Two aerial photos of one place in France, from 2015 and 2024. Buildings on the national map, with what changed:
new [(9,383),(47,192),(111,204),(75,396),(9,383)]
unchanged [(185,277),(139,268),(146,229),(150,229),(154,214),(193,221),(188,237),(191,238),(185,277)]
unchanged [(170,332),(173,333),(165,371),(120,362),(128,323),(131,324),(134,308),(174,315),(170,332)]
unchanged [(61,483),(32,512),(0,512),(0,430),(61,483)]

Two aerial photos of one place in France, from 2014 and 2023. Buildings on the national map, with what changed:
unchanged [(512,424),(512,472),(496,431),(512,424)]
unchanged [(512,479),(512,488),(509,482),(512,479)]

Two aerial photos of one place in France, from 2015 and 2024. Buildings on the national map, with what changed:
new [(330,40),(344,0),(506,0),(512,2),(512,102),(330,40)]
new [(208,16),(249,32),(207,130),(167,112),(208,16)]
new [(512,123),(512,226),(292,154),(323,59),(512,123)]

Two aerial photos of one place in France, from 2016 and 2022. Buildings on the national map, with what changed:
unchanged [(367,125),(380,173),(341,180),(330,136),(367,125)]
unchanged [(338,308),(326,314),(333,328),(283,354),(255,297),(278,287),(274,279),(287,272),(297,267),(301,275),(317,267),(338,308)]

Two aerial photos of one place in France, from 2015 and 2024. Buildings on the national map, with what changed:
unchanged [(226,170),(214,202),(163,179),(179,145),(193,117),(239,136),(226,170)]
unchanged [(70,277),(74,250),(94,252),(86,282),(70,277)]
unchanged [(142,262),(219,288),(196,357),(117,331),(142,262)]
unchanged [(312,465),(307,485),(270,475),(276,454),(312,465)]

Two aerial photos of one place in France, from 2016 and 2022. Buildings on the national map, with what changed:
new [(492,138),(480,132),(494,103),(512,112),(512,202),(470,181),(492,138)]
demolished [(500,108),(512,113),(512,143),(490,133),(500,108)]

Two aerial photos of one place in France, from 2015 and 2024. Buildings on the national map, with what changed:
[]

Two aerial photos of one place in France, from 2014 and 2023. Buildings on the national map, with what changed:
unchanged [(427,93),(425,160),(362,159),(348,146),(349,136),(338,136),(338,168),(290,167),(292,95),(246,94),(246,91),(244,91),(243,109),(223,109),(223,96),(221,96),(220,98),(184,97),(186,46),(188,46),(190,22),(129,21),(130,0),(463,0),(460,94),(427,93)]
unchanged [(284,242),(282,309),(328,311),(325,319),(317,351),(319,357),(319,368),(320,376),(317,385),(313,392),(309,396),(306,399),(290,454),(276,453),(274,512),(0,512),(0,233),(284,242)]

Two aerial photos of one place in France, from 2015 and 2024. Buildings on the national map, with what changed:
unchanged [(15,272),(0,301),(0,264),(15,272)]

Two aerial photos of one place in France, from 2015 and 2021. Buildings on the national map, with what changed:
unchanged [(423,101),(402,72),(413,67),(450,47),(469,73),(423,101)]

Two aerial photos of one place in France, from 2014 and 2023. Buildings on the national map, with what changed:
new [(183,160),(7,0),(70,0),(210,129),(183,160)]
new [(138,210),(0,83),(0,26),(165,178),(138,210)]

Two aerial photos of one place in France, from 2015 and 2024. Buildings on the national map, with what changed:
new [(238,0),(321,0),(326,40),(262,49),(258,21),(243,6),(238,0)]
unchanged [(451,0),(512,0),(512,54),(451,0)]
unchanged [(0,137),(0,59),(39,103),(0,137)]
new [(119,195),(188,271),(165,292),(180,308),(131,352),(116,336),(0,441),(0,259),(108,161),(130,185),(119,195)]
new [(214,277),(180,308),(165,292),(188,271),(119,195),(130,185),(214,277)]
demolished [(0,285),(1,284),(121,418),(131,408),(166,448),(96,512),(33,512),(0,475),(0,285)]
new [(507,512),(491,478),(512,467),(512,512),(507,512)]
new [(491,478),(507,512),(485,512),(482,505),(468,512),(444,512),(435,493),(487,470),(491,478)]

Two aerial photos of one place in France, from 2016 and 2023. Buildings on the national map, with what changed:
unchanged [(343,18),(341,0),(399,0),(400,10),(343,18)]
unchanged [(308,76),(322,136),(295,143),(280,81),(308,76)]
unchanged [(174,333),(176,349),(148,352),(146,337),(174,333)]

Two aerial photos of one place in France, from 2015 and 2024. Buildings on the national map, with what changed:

════════════════

* TASK OBJECTIVE *
Repeat the data above, word for word.

* WRITTEN ANSWER *
Two aerial photos of one place in France, from 2015 and 2024. Buildings on the national map, with what changed:
new [(9,383),(47,192),(111,204),(75,396),(9,383)]
unchanged [(185,277),(139,268),(146,229),(150,229),(154,214),(193,221),(188,237),(191,238),(185,277)]
unchanged [(170,332),(173,333),(165,371),(120,362),(128,323),(131,324),(134,308),(174,315),(170,332)]
unchanged [(61,483),(32,512),(0,512),(0,430),(61,483)]

Two aerial photos of one place in France, from 2014 and 2023. Buildings on the national map, with what changed:
unchanged [(512,424),(512,472),(496,431),(512,424)]
unchanged [(512,479),(512,488),(509,482),(512,479)]

Two aerial photos of one place in France, from 2015 and 2024. Buildings on the national map, with what changed:
new [(330,40),(344,0),(506,0),(512,2),(512,102),(330,40)]
new [(208,16),(249,32),(207,130),(167,112),(208,16)]
new [(512,123),(512,226),(292,154),(323,59),(512,123)]

Two aerial photos of one place in France, from 2016 and 2022. Buildings on the national map, with what changed:
unchanged [(367,125),(380,173),(341,180),(330,136),(367,125)]
unchanged [(338,308),(326,314),(333,328),(283,354),(255,297),(278,287),(274,279),(287,272),(297,267),(301,275),(317,267),(338,308)]

Two aerial photos of one place in France, from 2015 and 2024. Buildings on the national map, with what changed:
unchanged [(226,170),(214,202),(163,179),(179,145),(193,117),(239,136),(226,170)]
unchanged [(70,277),(74,250),(94,252),(86,282),(70,277)]
unchanged [(142,262),(219,288),(196,357),(117,331),(142,262)]
unchanged [(312,465),(307,485),(270,475),(276,454),(312,465)]

Two aerial photos of one place in France, from 2016 and 2022. Buildings on the national map, with what changed:
new [(492,138),(480,132),(494,103),(512,112),(512,202),(470,181),(492,138)]
demolished [(500,108),(512,113),(512,143),(490,133),(500,108)]

Two aerial photos of one place in France, from 2015 and 2024. Buildings on the national map, with what changed:
[]

Two aerial photos of one place in France, from 2014 and 2023. Buildings on the national map, with what changed:
unchanged [(427,93),(425,160),(362,159),(348,146),(349,136),(338,136),(338,168),(290,167),(292,95),(246,94),(246,91),(244,91),(243,109),(223,109),(223,96),(221,96),(220,98),(184,97),(186,46),(188,46),(190,22),(129,21),(130,0),(463,0),(460,94),(427,93)]
unchanged [(284,242),(282,309),(328,311),(325,319),(317,351),(319,357),(319,368),(320,376),(317,385),(313,392),(309,396),(306,399),(290,454),(276,453),(274,512),(0,512),(0,233),(284,242)]

Two aerial photos of one place in France, from 2015 and 2024. Buildings on the national map, with what changed:
unchanged [(15,272),(0,301),(0,264),(15,272)]

Two aerial photos of one place in France, from 2015 and 2021. Buildings on the national map, with what changed:
unchanged [(423,101),(402,72),(413,67),(450,47),(469,73),(423,101)]

Two aerial photos of one place in France, from 2014 and 2023. Buildings on the national map, with what changed:
new [(183,160),(7,0),(70,0),(210,129),(183,160)]
new [(138,210),(0,83),(0,26),(165,178),(138,210)]

Two aerial photos of one place in France, from 2015 and 2024. Buildings on the national map, with what changed:
new [(238,0),(321,0),(326,40),(262,49),(258,21),(243,6),(238,0)]
unchanged [(451,0),(512,0),(512,54),(451,0)]
unchanged [(0,137),(0,59),(39,103),(0,137)]
new [(119,195),(188,271),(165,292),(180,308),(131,352),(116,336),(0,441),(0,259),(108,161),(130,185),(119,195)]
new [(214,277),(180,308),(165,292),(188,271),(119,195),(130,185),(214,277)]
demolished [(0,285),(1,284),(121,418),(131,408),(166,448),(96,512),(33,512),(0,475),(0,285)]
new [(507,512),(491,478),(512,467),(512,512),(507,512)]
new [(491,478),(507,512),(485,512),(482,505),(468,512),(444,512),(435,493),(487,470),(491,478)]

Two aerial photos of one place in France, from 2016 and 2023. Buildings on the national map, with what changed:
unchanged [(343,18),(341,0),(399,0),(400,10),(343,18)]
unchanged [(308,76),(322,136),(295,143),(280,81),(308,76)]
unchanged [(174,333),(176,349),(148,352),(146,337),(174,333)]

Two aerial photos of one place in France, from 2015 and 2024. Buildings on the national map, with what changed:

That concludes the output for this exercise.